Dimensional analysis: Derived units are formed from combinations of which fundamental elements?

Difficulty: Easy

Correct Answer: fundamental units

Explanation:


Introduction / Context:
The SI system organizes measurements into seven fundamental units (meter, kilogram, second, ampere, kelvin, mole, candela). Many engineering quantities—such as force, energy, voltage, and resistance—are not fundamental; they are derived from these base units by algebraic combination.


Given Data / Assumptions:

  • Derived units include newton (N), joule (J), volt (V), ohm (Ω), etc.
  • We are concerned with how such units originate.
  • Metric prefixes are scale factors, not new base quantities.


Concept / Approach:
Derived units follow from physical laws. For example, force = mass * acceleration → N = kg * m / s^2. Voltage = power/current and power = energy/time → V = J/C and J = N * m, etc. Thus, all derived units reduce to products and ratios of the fundamental SI units, sometimes with special names for convenience.


Step-by-Step Solution:

Identify base set: m, kg, s, A, K, mol, cd.Express a derived unit (ohm) in base units: Ω = V / A; V = W / A; W = J / s; J = N * m; N = kg * m / s^2 → Ω = kg * m^2 / (s^3 * A^2).Conclude: derived units are combinations of fundamental units.

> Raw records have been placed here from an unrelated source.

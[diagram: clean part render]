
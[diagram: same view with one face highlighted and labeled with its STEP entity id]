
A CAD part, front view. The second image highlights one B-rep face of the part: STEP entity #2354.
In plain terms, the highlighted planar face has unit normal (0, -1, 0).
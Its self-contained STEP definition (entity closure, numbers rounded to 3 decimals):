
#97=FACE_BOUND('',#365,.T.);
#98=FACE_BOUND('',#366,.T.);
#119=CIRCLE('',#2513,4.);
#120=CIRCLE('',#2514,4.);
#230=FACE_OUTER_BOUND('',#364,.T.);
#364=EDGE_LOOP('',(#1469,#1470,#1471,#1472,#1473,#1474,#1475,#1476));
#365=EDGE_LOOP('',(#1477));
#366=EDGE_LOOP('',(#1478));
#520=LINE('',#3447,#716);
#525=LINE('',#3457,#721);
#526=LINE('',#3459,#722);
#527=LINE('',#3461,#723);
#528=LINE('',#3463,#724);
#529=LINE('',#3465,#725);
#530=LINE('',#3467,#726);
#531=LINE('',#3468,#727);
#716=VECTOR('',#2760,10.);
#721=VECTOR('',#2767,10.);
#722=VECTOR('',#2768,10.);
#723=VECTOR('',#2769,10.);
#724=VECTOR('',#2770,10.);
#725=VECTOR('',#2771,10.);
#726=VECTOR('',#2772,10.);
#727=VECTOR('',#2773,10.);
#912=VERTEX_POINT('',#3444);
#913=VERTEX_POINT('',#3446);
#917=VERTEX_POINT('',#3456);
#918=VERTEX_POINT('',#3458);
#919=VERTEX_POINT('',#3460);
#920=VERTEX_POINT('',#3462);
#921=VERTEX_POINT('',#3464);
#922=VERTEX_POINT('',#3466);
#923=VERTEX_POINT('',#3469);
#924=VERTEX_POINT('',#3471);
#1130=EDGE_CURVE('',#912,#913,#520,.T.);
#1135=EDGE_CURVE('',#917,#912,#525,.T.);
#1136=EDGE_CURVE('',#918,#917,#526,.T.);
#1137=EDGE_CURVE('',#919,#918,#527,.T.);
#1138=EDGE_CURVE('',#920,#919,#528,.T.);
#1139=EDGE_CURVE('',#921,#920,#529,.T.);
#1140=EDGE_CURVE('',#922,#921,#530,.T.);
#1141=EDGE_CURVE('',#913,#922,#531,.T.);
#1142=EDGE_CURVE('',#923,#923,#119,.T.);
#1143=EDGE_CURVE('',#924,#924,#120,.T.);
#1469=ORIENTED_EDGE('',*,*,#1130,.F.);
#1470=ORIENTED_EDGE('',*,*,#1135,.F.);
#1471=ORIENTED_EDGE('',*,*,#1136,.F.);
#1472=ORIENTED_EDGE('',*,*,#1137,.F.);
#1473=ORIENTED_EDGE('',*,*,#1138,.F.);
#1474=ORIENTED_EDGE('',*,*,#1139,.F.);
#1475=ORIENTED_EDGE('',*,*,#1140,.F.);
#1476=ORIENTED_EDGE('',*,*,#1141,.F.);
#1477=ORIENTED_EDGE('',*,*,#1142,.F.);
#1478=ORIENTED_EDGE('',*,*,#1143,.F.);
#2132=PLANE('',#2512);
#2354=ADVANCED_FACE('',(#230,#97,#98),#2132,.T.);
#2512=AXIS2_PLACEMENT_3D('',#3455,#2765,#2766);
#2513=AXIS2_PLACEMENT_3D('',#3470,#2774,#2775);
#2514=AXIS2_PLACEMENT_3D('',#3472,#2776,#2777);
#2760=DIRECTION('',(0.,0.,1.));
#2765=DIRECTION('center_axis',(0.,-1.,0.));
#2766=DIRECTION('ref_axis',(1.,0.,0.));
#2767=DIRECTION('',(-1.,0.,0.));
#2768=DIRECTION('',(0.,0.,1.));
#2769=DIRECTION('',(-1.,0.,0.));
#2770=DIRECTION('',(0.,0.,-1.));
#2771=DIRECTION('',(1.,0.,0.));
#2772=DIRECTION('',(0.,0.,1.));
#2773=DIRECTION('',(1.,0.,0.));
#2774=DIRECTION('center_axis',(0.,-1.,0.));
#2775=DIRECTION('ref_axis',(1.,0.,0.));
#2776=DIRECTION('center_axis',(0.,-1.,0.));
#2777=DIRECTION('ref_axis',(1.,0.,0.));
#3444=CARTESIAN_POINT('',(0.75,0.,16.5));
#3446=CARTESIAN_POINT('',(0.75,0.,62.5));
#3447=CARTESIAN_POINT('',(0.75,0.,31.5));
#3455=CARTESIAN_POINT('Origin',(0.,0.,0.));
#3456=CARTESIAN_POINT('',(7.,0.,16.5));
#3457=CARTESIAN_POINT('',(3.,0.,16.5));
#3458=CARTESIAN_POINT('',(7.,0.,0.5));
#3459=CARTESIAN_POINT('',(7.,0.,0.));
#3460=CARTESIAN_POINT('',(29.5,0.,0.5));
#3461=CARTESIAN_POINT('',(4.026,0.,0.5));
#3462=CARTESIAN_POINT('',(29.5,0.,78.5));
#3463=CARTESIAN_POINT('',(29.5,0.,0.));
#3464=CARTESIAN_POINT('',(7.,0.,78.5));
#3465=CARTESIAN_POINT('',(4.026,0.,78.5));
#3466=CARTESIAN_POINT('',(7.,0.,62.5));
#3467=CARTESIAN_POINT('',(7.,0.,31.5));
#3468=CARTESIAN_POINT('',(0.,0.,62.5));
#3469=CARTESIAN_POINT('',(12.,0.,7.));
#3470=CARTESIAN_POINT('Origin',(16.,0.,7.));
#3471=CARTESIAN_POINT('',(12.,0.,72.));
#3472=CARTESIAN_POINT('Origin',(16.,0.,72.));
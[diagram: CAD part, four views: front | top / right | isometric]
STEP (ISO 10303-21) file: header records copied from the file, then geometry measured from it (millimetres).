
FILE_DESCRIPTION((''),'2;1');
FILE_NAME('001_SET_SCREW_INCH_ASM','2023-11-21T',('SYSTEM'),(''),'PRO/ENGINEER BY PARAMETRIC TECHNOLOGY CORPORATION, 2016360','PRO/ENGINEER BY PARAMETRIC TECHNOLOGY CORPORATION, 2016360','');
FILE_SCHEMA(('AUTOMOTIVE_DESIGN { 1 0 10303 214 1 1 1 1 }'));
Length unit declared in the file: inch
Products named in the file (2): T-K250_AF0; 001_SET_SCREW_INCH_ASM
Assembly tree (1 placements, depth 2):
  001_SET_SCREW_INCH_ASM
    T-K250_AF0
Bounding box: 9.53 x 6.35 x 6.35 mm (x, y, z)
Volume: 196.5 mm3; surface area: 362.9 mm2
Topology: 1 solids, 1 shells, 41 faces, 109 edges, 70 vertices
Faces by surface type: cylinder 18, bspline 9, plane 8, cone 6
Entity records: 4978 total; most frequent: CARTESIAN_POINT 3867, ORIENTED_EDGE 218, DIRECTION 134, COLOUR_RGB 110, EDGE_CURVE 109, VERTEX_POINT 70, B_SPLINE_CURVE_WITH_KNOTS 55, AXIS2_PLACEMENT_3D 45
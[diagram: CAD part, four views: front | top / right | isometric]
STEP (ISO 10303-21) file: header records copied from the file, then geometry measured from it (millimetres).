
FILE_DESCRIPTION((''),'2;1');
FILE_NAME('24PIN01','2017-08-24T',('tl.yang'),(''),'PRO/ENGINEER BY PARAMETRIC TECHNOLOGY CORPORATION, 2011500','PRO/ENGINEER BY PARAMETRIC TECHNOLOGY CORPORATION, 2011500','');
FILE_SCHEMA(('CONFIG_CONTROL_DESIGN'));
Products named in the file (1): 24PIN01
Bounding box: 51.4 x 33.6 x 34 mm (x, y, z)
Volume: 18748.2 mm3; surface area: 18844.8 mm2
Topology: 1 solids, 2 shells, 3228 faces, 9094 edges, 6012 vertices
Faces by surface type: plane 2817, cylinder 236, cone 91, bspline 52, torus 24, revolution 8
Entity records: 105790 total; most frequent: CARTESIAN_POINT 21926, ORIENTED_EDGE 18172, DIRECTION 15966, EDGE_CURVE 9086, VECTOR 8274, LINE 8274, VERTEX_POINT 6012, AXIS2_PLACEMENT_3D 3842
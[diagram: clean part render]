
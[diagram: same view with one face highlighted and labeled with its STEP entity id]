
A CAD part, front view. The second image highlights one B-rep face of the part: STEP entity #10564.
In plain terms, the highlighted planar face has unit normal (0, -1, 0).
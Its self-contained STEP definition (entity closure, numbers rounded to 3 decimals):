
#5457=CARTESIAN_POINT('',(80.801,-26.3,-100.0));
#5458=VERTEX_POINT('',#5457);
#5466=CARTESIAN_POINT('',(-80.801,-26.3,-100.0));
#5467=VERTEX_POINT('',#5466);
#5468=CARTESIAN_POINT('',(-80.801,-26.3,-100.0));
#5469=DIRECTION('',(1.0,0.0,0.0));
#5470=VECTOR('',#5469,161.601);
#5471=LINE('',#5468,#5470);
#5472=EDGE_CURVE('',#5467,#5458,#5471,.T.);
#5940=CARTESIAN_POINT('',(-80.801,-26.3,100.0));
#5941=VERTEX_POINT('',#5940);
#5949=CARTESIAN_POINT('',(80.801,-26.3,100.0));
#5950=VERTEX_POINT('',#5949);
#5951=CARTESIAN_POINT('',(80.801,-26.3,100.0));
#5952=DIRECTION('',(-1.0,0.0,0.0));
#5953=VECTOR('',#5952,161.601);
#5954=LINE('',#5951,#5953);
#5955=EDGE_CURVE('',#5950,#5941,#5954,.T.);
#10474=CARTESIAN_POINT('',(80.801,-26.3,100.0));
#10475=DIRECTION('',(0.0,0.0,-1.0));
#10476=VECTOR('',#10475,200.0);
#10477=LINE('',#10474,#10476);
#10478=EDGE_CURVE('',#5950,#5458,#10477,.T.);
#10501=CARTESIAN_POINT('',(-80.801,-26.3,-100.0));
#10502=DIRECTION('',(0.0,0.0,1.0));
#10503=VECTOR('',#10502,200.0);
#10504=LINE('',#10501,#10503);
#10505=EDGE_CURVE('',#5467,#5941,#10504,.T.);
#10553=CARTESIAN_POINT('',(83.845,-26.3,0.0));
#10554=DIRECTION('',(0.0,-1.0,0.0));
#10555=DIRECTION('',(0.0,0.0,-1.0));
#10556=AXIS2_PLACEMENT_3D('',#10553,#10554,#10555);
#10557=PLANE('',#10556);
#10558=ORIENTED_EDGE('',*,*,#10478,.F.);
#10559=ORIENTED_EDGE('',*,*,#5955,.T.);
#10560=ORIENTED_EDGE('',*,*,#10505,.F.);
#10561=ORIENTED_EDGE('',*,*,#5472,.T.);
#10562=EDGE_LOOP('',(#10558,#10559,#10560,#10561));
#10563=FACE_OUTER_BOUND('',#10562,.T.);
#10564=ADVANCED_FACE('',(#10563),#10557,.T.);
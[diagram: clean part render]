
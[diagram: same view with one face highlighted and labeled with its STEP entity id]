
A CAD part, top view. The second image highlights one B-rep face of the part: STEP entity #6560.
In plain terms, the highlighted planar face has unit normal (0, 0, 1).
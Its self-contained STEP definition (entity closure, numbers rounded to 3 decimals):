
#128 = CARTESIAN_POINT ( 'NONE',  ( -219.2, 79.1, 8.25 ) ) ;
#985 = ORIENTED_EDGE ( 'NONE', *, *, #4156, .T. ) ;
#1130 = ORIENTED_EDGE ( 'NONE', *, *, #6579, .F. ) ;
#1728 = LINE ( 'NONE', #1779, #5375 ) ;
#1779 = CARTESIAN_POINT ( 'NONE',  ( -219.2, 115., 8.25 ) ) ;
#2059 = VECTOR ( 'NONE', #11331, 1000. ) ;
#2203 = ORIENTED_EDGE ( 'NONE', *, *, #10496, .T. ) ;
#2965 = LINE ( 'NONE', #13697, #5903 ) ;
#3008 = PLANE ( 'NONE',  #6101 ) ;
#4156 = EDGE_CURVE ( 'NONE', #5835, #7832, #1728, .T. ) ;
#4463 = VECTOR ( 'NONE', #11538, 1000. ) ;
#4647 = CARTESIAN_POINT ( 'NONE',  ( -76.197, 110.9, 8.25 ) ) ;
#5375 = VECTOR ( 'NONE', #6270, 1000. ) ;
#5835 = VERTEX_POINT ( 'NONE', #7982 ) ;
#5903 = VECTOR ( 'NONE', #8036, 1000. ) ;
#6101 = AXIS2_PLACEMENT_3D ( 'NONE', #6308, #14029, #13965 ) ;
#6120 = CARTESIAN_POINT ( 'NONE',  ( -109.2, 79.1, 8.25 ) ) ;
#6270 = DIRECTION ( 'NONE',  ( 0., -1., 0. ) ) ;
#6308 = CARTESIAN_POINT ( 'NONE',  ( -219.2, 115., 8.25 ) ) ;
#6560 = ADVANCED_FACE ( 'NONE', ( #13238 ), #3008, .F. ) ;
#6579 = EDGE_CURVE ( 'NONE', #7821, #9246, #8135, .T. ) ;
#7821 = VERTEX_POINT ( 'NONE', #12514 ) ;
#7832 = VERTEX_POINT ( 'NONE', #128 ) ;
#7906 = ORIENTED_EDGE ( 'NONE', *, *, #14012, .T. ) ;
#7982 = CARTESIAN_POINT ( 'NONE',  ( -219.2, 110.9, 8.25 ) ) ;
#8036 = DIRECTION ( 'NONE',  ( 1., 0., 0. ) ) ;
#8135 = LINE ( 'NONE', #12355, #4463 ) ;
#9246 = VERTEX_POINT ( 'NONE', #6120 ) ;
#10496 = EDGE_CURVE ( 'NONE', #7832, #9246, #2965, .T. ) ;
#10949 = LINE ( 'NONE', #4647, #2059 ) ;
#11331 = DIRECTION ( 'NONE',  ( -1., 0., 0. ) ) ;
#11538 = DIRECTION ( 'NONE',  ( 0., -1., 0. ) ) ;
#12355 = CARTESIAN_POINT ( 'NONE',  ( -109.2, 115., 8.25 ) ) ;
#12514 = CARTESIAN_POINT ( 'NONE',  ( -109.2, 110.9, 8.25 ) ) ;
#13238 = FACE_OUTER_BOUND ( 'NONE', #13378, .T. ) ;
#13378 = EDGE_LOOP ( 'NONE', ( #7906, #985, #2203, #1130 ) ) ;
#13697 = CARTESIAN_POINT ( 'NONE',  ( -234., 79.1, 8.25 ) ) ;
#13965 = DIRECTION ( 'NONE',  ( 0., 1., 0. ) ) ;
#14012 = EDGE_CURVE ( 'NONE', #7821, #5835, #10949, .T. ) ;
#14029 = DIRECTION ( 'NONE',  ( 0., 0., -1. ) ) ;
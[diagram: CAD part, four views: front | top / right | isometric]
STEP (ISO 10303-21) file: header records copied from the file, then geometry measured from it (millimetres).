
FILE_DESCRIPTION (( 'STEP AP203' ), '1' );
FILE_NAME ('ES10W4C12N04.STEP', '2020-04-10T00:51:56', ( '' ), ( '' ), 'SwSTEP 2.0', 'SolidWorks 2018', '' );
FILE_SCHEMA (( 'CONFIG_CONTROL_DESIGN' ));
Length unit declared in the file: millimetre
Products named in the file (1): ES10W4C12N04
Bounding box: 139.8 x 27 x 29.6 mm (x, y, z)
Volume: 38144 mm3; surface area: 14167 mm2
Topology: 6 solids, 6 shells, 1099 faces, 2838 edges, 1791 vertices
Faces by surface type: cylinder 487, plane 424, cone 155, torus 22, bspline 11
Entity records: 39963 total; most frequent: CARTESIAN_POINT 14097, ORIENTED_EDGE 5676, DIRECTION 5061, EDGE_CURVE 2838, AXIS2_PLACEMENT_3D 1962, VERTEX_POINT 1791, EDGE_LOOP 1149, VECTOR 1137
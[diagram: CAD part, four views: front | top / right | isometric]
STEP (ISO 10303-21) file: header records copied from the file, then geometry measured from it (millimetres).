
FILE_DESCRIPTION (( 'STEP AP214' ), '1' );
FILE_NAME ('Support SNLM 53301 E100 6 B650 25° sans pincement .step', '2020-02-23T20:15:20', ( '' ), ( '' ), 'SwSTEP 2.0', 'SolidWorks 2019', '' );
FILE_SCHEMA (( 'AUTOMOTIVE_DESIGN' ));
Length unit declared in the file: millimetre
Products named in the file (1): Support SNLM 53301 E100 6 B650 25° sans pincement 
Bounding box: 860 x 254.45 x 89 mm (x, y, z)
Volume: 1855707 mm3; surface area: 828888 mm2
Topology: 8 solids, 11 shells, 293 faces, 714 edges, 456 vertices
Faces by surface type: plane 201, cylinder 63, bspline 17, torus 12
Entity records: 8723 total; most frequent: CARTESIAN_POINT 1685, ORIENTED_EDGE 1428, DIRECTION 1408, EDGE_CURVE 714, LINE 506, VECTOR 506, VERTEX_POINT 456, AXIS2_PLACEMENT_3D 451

Verification / Alternative check:
Dimensional homogeneity in equations confirms correctness; every term reduces to the same base-unit combination, reinforcing the idea that derived units come from fundamentals.


Why Other Options Are Wrong:

  • Electrical quantities: These may themselves be derived (e.g., volt, ohm).
  • Metric prefixes: Only scale units; they do not define new physical dimensions.
  • International standards: Governance and naming, not dimensional construction.


Common Pitfalls:
Confusing convenience names (e.g., tesla) with base units or thinking prefixes like kilo create new dimensions—they only rescale existing ones.